Return each record unchanged and drop the images.

Collection entries:
○ ○ ○ ○ ○

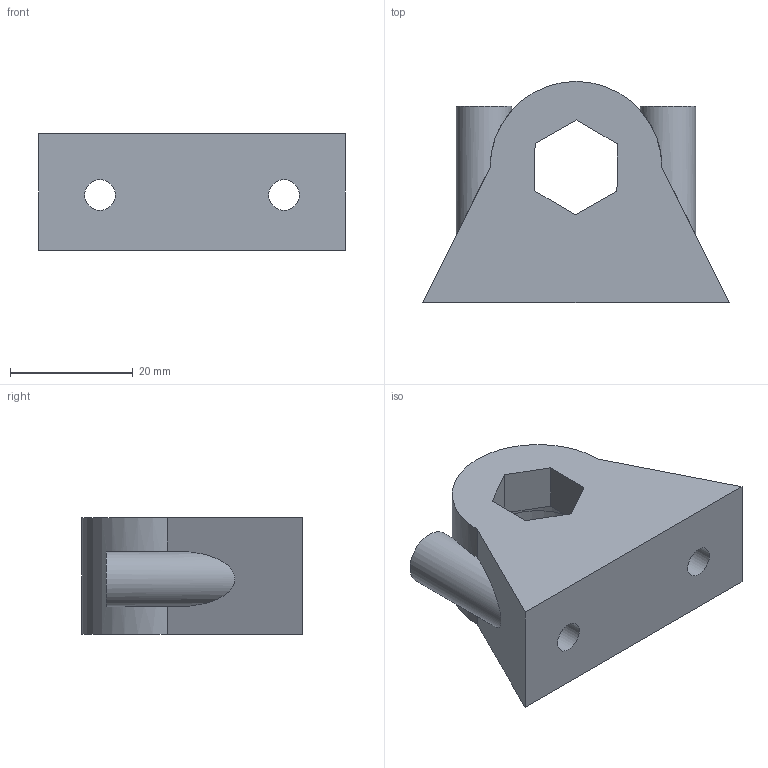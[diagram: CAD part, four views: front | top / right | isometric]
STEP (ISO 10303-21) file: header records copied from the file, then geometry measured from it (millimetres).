
FILE_DESCRIPTION(/* description */ (''),/* implementation_level */ '2;1');
FILE_NAME(/* name */ 'Joint sled right.step',/* time_stamp */ '2023-08-18T11:26:35+02:00',/* author */ (''),/* organization */ (''),/* preprocessor_version */ 'ST-DEVELOPER v20',/* originating_system */ 'Autodesk Translation Framework v12.9.0.99',/* authorisation */ '');
FILE_SCHEMA (('AUTOMOTIVE_DESIGN { 1 0 10303 214 3 1 1 }'));
Length unit declared in the file: millimetre
Products named in the file (2): DiyActivePedal; Sled joint 1
Assembly tree (1 placements, depth 2):
  DiyActivePedal
    Sled joint 1
Bounding box: 50 x 36 x 19 mm (x, y, z)
Volume: 17037.9 mm3; surface area: 7190.3 mm2
Topology: 1 solids, 1 shells, 22 faces, 54 edges, 36 vertices
Faces by surface type: plane 15, cylinder 7
Full cylindrical faces by diameter (mm): 5 x2, 9 x2, 18 x1, 22 x1
Entity records: 770 total; most frequent: CARTESIAN_POINT 166, DIRECTION 116, ORIENTED_EDGE 108, EDGE_CURVE 54, AXIS2_PLACEMENT_3D 40, LINE 36, VECTOR 36, VERTEX_POINT 36

○ ○ ○ ○ ○

RESULT FOR THIS EXERCISE:
[diagram: CAD part, four views: front | top / right | isometric]
STEP (ISO 10303-21) file: header records copied from the file, then geometry measured from it (millimetres).
FILE_DESCRIPTION(/* description */ (''),/* implementation_level */ '2;1');
FILE_NAME(/* name */ 'Joint sled right.step',/* time_stamp */ '2023-08-18T11:26:35+02:00',/* author */ (''),/* organization */ (''),/* preprocessor_version */ 'ST-DEVELOPER v20',/* originating_system */ 'Autodesk Translation Framework v12.9.0.99',/* authorisation */ '');
FILE_SCHEMA (('AUTOMOTIVE_DESIGN { 1 0 10303 214 3 1 1 }'));
Length unit declared in the file: millimetre
Products named in the file (2): DiyActivePedal; Sled joint 1
Assembly tree (1 placements, depth 2):
  DiyActivePedal
    Sled joint 1
Bounding box: 50 x 36 x 19 mm (x, y, z)
Volume: 17037.9 mm3; surface area: 7190.3 mm2
Topology: 1 solids, 1 shells, 22 faces, 54 edges, 36 vertices
Faces by surface type: plane 15, cylinder 7
Full cylindrical faces by diameter (mm): 5 x2, 9 x2, 18 x1, 22 x1
Entity records: 770 total; most frequent: CARTESIAN_POINT 166, DIRECTION 116, ORIENTED_EDGE 108, EDGE_CURVE 54, AXIS2_PLACEMENT_3D 40, LINE 36, VECTOR 36, VERTEX_POINT 36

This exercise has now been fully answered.